*To do*
Below is a listing; transcribe it exactly but without any images.

*Records provided*
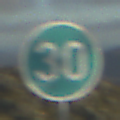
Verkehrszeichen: VorgeschriebeneMindestgeschwindigkeit
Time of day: SunriseSunset
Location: Outdoor (Nature)
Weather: PartlyCloudy
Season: NotSpecified
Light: Natural

*Written solution*
Verkehrszeichen: VorgeschriebeneMindestgeschwindigkeit
Time of day: SunriseSunset
Location: Outdoor (Nature)
Weather: PartlyCloudy
Season: NotSpecified
Light: Natural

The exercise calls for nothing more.